→ **EXERCISE PROMPT**: Report only how many lines below include "them".

** Opening PROVIDED MATERIAL block **

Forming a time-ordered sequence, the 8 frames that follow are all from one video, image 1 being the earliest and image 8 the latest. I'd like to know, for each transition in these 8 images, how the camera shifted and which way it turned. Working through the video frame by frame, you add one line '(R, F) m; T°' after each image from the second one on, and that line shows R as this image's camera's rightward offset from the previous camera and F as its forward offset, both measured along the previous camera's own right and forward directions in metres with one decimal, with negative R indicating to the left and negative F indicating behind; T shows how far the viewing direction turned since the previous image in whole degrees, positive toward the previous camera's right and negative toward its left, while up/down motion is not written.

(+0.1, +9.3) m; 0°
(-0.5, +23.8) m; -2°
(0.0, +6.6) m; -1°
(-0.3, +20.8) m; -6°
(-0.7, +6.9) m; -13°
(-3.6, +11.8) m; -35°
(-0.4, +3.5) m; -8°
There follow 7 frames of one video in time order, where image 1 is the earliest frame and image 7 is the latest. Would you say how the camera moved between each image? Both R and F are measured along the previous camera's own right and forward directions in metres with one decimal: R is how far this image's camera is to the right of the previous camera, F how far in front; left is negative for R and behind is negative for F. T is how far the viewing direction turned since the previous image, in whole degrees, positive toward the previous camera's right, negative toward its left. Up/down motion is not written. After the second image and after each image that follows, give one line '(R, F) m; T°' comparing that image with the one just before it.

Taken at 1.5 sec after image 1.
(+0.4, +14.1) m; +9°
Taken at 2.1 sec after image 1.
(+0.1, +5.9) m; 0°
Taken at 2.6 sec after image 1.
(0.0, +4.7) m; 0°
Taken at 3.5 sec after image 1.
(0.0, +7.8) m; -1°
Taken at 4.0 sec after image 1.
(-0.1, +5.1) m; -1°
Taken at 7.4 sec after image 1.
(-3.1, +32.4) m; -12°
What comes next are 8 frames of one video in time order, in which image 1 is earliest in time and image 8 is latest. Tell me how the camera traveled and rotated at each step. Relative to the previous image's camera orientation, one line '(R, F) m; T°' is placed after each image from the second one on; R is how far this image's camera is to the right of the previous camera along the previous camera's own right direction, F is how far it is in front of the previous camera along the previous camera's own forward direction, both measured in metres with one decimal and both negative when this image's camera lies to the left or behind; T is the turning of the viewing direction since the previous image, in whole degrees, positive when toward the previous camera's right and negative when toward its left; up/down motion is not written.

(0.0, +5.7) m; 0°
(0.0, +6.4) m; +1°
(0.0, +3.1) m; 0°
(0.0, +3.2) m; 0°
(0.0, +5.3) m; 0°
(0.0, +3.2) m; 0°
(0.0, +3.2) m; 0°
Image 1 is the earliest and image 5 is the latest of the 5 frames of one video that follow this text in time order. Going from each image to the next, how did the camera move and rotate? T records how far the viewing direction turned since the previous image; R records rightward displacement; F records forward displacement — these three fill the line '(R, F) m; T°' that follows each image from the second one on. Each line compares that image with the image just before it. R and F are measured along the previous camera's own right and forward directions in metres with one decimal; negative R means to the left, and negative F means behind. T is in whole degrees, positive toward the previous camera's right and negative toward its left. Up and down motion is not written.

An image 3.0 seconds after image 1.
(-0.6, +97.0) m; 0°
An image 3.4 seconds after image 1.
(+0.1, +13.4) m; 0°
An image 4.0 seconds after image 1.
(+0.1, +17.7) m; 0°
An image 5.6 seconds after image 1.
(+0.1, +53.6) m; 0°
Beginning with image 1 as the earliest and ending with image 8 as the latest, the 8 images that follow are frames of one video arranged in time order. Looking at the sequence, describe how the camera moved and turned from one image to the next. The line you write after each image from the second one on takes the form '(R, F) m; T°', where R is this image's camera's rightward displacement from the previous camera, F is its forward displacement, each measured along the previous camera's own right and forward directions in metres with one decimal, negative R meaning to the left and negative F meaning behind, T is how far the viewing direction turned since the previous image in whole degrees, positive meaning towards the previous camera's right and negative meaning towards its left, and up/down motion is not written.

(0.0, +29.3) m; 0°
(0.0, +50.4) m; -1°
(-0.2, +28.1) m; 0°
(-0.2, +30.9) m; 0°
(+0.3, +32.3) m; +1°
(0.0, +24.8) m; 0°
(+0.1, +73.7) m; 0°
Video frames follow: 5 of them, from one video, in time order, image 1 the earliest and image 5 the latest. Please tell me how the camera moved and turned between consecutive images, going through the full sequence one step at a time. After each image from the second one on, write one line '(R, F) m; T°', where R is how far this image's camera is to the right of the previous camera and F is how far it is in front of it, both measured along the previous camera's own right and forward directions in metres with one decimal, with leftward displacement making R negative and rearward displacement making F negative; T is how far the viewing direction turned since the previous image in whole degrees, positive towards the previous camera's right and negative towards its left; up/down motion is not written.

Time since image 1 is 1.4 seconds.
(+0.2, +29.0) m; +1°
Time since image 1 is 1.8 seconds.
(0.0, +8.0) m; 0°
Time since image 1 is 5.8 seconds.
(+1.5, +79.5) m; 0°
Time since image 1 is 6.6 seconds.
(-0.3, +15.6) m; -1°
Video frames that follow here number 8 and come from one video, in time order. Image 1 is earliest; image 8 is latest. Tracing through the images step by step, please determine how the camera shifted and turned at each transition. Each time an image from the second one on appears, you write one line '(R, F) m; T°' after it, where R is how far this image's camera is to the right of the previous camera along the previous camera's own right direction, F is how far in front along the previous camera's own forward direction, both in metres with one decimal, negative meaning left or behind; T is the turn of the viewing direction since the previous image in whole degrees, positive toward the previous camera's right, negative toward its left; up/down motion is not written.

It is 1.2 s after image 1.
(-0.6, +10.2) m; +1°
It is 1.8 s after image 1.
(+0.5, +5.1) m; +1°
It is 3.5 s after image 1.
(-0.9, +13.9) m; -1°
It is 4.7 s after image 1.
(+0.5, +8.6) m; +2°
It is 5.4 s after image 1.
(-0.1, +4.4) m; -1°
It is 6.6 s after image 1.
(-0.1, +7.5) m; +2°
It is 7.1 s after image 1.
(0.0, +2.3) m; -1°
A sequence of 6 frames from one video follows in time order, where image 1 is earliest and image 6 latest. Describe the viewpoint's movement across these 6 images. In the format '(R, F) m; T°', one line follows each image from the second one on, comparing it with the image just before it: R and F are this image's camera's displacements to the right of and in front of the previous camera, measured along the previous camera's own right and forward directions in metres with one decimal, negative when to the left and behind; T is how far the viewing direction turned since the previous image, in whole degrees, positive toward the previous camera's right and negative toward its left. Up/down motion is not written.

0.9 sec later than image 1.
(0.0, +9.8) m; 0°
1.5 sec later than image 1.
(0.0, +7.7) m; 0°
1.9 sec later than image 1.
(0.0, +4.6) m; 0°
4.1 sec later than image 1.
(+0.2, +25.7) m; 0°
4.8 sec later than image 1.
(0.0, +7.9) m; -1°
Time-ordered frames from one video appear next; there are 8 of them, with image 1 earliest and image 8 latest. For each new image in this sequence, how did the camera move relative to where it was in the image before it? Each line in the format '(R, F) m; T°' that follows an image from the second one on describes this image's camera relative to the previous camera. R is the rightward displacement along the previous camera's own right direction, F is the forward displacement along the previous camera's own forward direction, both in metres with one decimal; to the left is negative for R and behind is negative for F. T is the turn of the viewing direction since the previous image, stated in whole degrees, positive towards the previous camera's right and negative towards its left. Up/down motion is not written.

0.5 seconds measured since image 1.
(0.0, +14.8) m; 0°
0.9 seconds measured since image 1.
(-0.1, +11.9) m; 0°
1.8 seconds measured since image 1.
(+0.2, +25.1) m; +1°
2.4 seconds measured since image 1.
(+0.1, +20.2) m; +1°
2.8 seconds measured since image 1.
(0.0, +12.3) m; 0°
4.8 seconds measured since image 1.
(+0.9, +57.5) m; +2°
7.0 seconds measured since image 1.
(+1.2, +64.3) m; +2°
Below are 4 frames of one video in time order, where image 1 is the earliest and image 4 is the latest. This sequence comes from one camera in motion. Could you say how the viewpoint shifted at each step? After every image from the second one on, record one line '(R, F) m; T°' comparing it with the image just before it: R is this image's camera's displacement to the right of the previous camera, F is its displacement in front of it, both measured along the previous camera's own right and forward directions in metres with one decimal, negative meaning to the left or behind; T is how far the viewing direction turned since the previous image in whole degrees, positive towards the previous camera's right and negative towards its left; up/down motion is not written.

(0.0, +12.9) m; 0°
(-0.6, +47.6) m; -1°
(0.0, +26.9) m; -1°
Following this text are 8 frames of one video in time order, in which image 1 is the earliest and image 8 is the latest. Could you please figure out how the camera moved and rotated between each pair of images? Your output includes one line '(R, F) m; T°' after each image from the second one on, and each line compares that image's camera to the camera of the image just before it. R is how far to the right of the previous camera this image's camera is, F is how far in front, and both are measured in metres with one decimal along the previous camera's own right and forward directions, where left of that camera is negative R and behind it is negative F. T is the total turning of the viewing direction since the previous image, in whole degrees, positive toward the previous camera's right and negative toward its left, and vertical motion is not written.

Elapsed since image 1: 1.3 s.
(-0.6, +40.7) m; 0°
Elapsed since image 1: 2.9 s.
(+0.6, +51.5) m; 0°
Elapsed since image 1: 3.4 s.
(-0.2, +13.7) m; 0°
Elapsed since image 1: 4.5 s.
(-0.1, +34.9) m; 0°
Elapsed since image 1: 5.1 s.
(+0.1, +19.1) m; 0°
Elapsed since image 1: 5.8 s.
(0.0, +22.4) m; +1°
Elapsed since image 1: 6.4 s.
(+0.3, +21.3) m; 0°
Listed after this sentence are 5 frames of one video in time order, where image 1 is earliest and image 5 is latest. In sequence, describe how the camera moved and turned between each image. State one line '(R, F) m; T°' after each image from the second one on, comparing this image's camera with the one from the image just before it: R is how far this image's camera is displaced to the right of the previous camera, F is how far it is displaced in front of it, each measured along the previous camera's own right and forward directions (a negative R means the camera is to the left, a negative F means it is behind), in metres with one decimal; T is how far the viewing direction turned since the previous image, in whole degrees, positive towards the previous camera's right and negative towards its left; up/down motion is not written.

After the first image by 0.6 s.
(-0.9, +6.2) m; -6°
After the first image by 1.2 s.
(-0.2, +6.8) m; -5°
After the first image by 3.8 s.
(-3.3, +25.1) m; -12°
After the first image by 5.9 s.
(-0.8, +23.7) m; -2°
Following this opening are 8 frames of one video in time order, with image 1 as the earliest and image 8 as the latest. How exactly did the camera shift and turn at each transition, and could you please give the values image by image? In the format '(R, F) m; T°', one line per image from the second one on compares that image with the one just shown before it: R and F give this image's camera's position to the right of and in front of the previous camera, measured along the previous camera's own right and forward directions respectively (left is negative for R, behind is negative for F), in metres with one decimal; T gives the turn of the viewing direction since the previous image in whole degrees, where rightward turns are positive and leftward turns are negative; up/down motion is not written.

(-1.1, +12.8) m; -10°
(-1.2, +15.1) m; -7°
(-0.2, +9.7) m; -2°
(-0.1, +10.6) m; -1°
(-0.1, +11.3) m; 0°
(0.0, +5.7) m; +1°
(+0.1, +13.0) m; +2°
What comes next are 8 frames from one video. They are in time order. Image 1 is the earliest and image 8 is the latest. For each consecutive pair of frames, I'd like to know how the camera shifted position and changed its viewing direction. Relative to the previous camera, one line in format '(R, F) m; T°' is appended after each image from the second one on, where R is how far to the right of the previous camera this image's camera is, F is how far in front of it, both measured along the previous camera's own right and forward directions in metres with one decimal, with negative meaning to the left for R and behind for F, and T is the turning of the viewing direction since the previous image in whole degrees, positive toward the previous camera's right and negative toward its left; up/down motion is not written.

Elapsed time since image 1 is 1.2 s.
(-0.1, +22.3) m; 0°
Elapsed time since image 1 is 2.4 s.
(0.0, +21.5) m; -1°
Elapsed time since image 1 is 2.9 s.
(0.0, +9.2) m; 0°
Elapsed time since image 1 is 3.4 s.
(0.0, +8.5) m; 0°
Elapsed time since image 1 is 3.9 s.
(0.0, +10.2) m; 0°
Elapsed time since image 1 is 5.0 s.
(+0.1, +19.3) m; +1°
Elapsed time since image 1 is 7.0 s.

** Closing PROVIDED MATERIAL block **

→ **EXERCISE SOLUTION**: 2